Saturday, February 04, 2006

Everything I know, I learned in a puddle of beer

The party was in the basement of a frat house and it was raucous. By the shank of the evening, I was weaving back and forth and sporting a dopey grin. At the pinnacle of this finesse, I prepared to lay a killer line on a pretty sorority girl. In doing so, I leaned against a wall that wasn't there and landed in a gutter filled with vile water.

High times at the University of Maine at Orono. I have many stories filled with such lowlights from UMO and yet I was never a student there. I never went to college at all.

Here, some of you will fold up the paper in disgust and cast it aside. How can you respect a writer who never received formal schooling? There are such people and they are aghast when I tell them. I have no degree. They never gave out diplomas for the kind of education I sought as a young wanderer.

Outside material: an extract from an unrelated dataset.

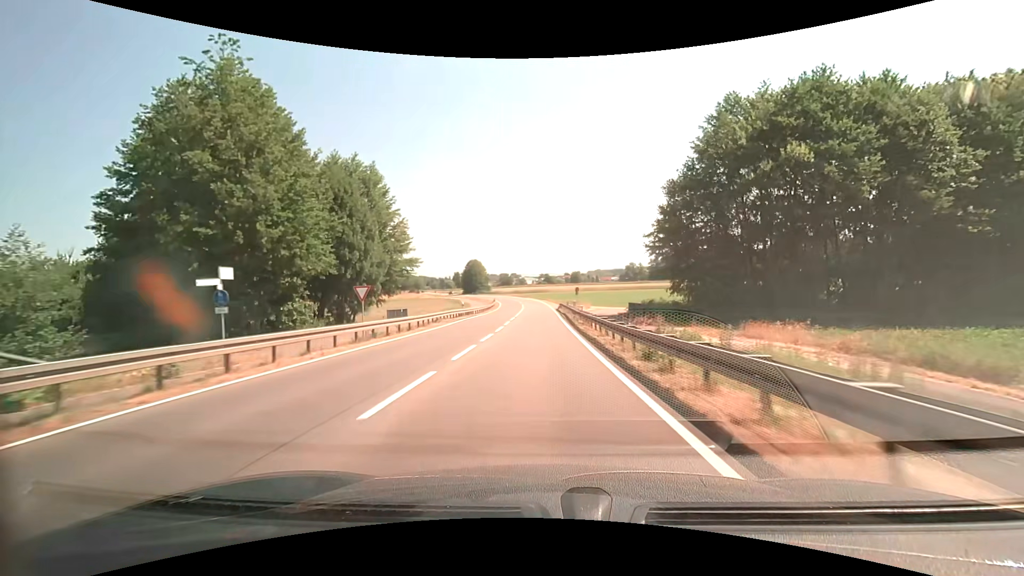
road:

I used to be ashamed of it. I used to mumble, "Yeah, I went to college." And I did. For about two days at the university in Augusta. And my, how I hated it, sitting in deep classrooms trying to learn about matters I had no real interest in. It took two days for me to realize that my attendance there was a joke. What did I want to be, anyway? An astronomer? A truck driver? The guy who puts the "inspected by No. 9" tickets in shirt pockets?

No idea. So I quit school and I roamed. I hitchhiked a bit and drank with people beneath bridges. Not a noble education, but I wouldn't exchange any of it for a B.A. in this or an M.A. in that. I'm not ashamed of it anymore. These days, I tend to wander around the newsroom declaring: "I ain't got no book learning."

A friend from the old days visited the newsroom not long ago. We talked about the business and how I had managed to evolve since the rowdy days of my youth. He finally asked where I went to college. I told him I hadn't. And he asked the question. How the hell can a person become a reporter without a degree?

It half amuses, half irritates me. Some of the best reporters I know barely graduated from high school. Some of the worst I've worked with had master's degrees in journalism. They had great theoretical knowledge, but ask them to respond to a scanner call and write about it on deadline.

Part of me wishes I had gone to college. Part of me also wishes I had joined the military. But I didn't do either. I wandered.

Back at UMO, I did most of my fraternizing with a group of my brother's friends. They were journalism majors, wide-eyed with expectations and plans for the great stories they would write. They planned to lay bare the inequities of society. Me, I pumped gas five days a week and cooked hot dogs on the weekends.

A few years ago, I got together with the same group on a beach in New Jersey. One owned a restaurant. A few had gone into sales. One was a welder. Happy, successful men, yet none of them had written a single word of news since collecting their diplomas and tossing their mortar boards into the air. I told them war stories from the news trenches and we mused over the irony.

Back in the day, a girlfriend who had a B.A., an M.A., and some other initials I forget, advised me that I'd never get near a newsroom without a college diploma. No way, no how.

The sad fact is, for a time I believed her. I spent a lot of nights staring up at the newspaper building in Waterville, imagining the news machine inside and wishing I could be part of it. And you wonder how many others are shuffling around with their heads down, convinced that without a nod from a college or university, they can never do what they feel created to do.

All some people have is what they have learned through the hard knocks they have taken. Down-and-out addicts have risen from the dust to do great things with knowledge that has been beaten into them. Seasoned criminals walk from prisons and turn their agony into gold.

I don't push a lifestyle of restlessness and hedonism as a means of education. I recommend higher education to anyone who asks about it. With a degree, doors will open quicker. Paychecks will likely be fatter.

But there's something to be said about embracing the experiences you do have, even if they were painful and ugly. There is a certain shabby nobility in the feisty mutt in a roomful of purebreds. There is something to be said for the person who has clawed his way into the kingdom rather than entering with the key of higher education.

Of course, I'm only raving, provoked to memory by an old friend aghast that I was never formally schooled. In the long run, I still have no book learning. And I'm still the guy who fell in the swill.